[Information given]
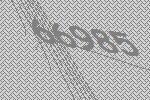
66985
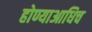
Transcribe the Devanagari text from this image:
होण्याआधिच
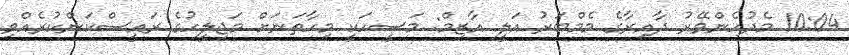
10:04 މެދުހެންވޭރު ދާއިރާގެ މެމްބަރު އަލީ އާޒިމް: މަސީހަކީ މިހާތަނަށް މަޖިލީހުގެ ރައީސްކަންކުރެއްވި
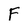
Character: F
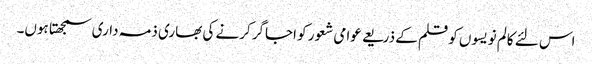
اس لئے کالم نویسوں کو قلم کے ذریعے عوامی شعور کو اجاگر کرنے کی بھاری ذمہ داری سمجھتا ہوں۔
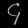
Digit: ၄
[/Information given]
### Task details
Nothing but the lines from the one holding "Transcribe the Devanagari" to the end of the entries above should be echoed, exactly and with both ends included; omit the pictures.

### Answer space
Transcribe the Devanagari text from this image:
होण्याआधिच
10:04 މެދުހެންވޭރު ދާއިރާގެ މެމްބަރު އަލީ އާޒިމް: މަސީހަކީ މިހާތަނަށް މަޖިލީހުގެ ރައީސްކަންކުރެއްވި
Character: F
اس لئے کالم نویسوں کو قلم کے ذریعے عوامی شعور کو اجاگر کرنے کی بھاری ذمہ داری سمجھتا ہوں۔
Digit: ၄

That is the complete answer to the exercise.